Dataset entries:
_ _ _ _

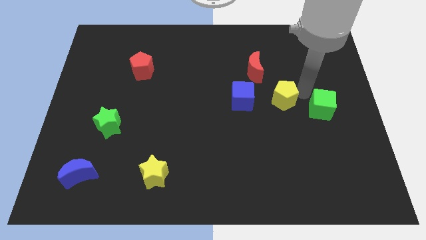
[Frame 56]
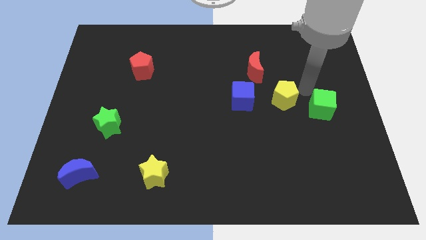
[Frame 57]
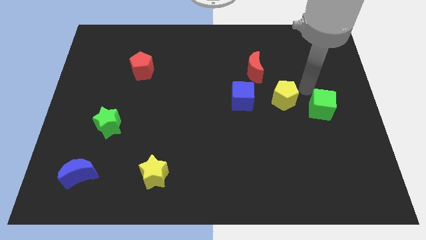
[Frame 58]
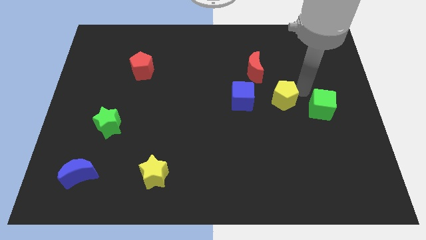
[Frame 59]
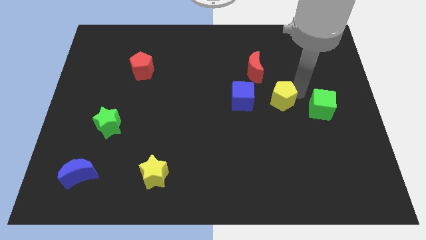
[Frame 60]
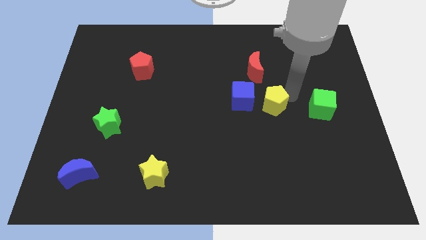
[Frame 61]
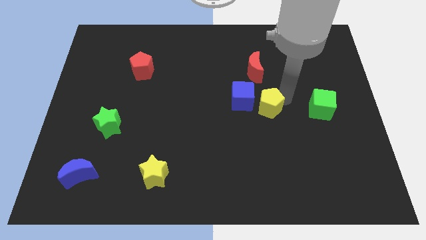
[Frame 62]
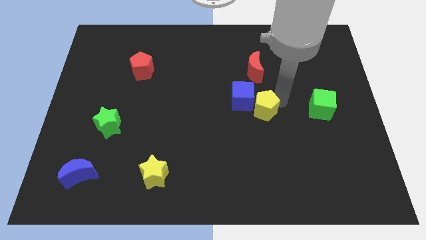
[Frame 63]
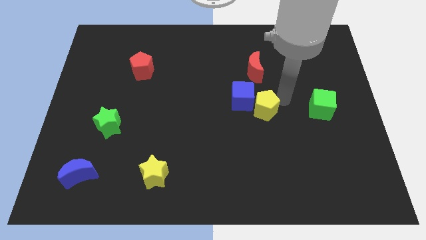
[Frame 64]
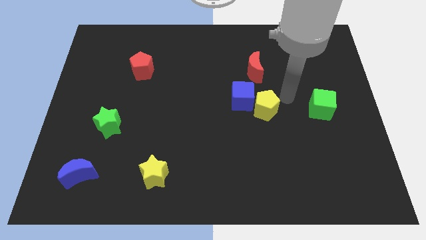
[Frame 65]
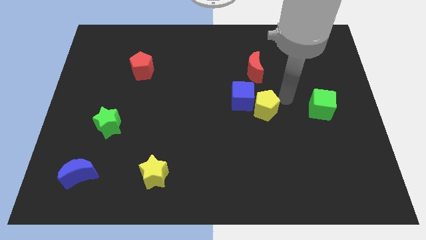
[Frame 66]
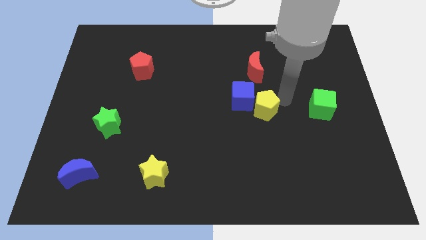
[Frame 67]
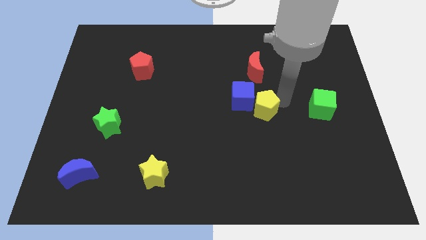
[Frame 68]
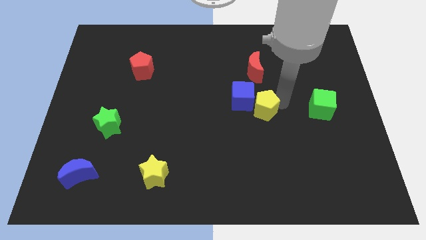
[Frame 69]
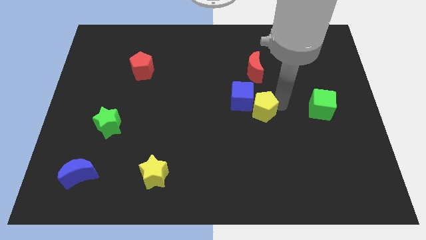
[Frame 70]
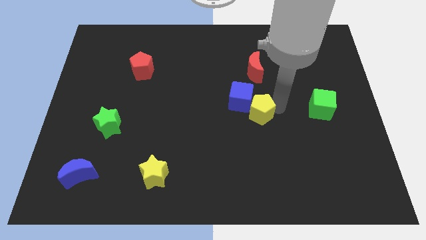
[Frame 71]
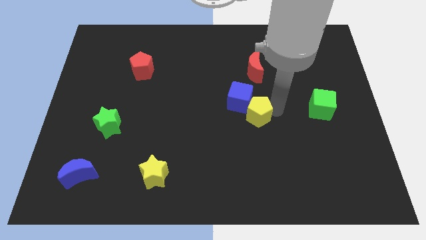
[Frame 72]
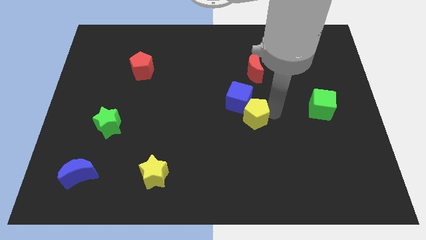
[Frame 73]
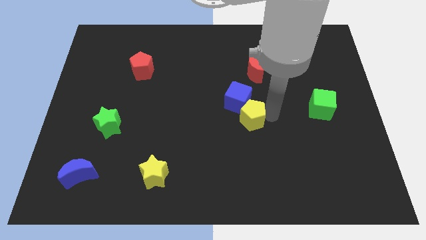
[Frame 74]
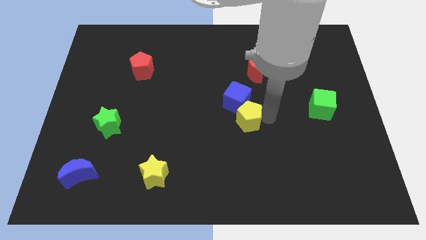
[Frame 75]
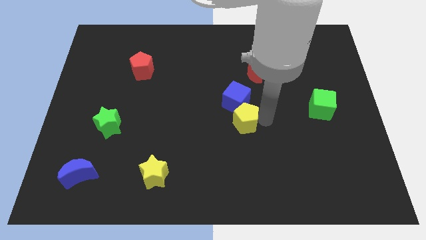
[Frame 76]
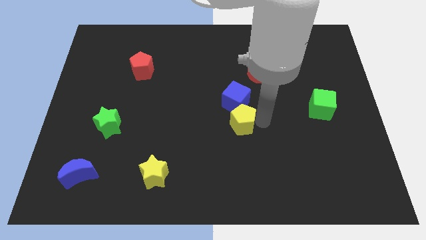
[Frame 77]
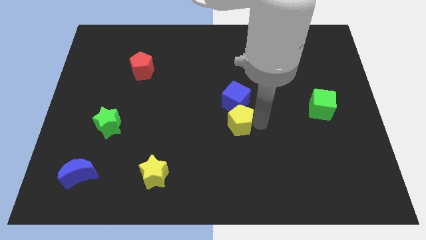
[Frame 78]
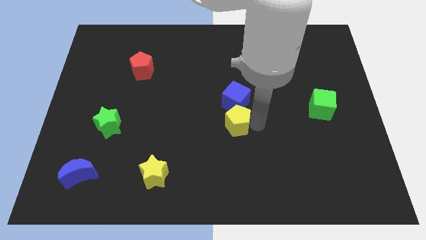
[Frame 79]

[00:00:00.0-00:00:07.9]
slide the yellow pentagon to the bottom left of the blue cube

_ _ _ _

* _About this task_
An exact copy of the entries above is needed, with the pictures removed.

* _Result of this exercise_
[Frame 56]
[Frame 57]
[Frame 58]
[Frame 59]
[Frame 60]
[Frame 61]
[Frame 62]
[Frame 63]
[Frame 64]
[Frame 65]
[Frame 66]
[Frame 67]
[Frame 68]
[Frame 69]
[Frame 70]
[Frame 71]
[Frame 72]
[Frame 73]
[Frame 74]
[Frame 75]
[Frame 76]
[Frame 77]
[Frame 78]
[Frame 79]

[00:00:00.0-00:00:07.9]
slide the yellow pentagon to the bottom left of the blue cube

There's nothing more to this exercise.